A capsaicina, que dá ardência às pimentas, aumenta a produção de endorfinas – substâncias naturais do organismo indutoras da sensação de prazer; é analgésica, anti-inflamatória e anticoagulante. Segundo pesquisas, na Tailândia e na África, o uso regular de pimentas é responsável pela menor taxa de fibrina no sangue (substância que participa da formação do trombo) e da baixa incidência de tromboembolismo.

A pimenta brasileira é um conjunto de 25 espécies de "capsicum", com frutos de sabor picante similar ao da Piper nigrum (pimenta-do-reino), especiaria indiana, a rainha das pimentas, que de tão apreciada e valorizada pelo efeito conservante sobre a carne era aceita como moeda – daí a locução "pagar em espécie".

Os índios brasileiros comiam pimentas e a chegada dos africanos, apreciadores dos sabores picantes, as sedimentou na culinária nacional. Comer pimenta diz muito da culinária brasileira, menos em Natal (RN).
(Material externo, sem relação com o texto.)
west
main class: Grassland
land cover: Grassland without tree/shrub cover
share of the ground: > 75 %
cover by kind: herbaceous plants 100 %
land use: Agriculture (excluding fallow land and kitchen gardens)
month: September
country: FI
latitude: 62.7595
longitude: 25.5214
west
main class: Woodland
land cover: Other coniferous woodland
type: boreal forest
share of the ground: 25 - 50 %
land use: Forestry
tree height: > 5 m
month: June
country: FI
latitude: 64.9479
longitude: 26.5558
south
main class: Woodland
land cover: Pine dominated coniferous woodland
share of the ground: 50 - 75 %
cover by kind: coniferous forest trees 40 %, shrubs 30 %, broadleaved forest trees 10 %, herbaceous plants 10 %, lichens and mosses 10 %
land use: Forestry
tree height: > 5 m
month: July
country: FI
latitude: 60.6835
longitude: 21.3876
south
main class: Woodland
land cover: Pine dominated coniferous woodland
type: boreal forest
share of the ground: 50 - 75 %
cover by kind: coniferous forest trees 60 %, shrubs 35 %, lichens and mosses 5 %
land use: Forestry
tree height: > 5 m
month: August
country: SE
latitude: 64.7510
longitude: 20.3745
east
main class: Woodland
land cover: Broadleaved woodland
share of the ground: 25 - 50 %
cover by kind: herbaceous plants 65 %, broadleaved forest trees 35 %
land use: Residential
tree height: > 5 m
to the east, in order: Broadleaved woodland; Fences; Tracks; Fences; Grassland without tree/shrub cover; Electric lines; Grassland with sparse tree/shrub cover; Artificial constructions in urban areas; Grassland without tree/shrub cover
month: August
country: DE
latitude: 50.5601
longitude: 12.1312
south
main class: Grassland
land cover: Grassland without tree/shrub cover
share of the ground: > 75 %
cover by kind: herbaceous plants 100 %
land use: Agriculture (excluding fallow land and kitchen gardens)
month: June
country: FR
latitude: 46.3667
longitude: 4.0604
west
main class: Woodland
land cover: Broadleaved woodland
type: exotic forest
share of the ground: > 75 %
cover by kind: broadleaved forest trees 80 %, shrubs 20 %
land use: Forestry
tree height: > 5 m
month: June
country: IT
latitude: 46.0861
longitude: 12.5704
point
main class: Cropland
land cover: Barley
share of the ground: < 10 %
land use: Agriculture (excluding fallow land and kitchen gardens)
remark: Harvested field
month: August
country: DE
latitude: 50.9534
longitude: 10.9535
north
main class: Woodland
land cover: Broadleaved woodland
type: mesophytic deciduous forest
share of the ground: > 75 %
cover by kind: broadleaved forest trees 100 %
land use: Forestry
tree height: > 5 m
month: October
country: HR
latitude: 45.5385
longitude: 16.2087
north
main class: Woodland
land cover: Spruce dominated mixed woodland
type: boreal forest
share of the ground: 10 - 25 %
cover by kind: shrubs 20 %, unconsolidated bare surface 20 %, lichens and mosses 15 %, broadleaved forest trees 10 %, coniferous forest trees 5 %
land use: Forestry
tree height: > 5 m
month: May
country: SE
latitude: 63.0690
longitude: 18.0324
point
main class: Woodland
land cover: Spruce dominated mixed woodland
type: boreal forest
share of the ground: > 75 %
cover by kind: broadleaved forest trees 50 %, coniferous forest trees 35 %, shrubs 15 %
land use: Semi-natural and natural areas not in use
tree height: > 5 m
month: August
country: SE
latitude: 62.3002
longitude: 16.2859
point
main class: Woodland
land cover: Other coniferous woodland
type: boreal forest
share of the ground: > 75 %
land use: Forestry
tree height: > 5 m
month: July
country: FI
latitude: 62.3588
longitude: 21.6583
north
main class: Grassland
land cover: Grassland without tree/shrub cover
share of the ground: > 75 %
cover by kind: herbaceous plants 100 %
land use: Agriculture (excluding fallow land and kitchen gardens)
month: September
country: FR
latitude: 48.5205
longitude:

No seminário de fundação da Articulação de Mulheres Brasileiras (AMB, 1994), diante de uma peixada cujo cheiro inebriava a alma, quase tive um troço ao pedir pimenta. A garçonete: "Num tem!". Perdi as estribeiras: "Um restaurante nordestino sem malagueta?". E ela balbuciou: "Senhora, aqui não é que nem na Bahia, não! Lá é que em tudo tem pimenta. Quase não usamos. É costume. E também os turistas não gostam!"

"A senhora acha que sou o quê? Eis uma turista que gosta de pimenta!". E fiquei a esbravejar contra o turismo que destrói nossos costumes alimentares. Terminava o almoço quando a garçonete reapareceu: "Senhora, mandaram comprar a pimenta, mas não acharam. Amanhã comerá com pimenta". No dia seguinte, estava lá um vidrinho vagabundo de pimenta.

Aprendi a comer pimenta ainda criança. Escondia a malagueta no arroz, já que só adultos e meninos podiam comer pimenta, pois "menina que come pimenta fica quente" – eis o mito do poder afrodisíaco das pimentas, origem da cultura que as interditava para as meninas. A proibição continua!

Não é que não como sem pimenta. Até como, mas tenho o hábito de "apimentar" qualquer comida de sal. Aprecio a santa capsaicina da malagueta e acho a coisa mais sem graça do mundo uma comida sem pimenta.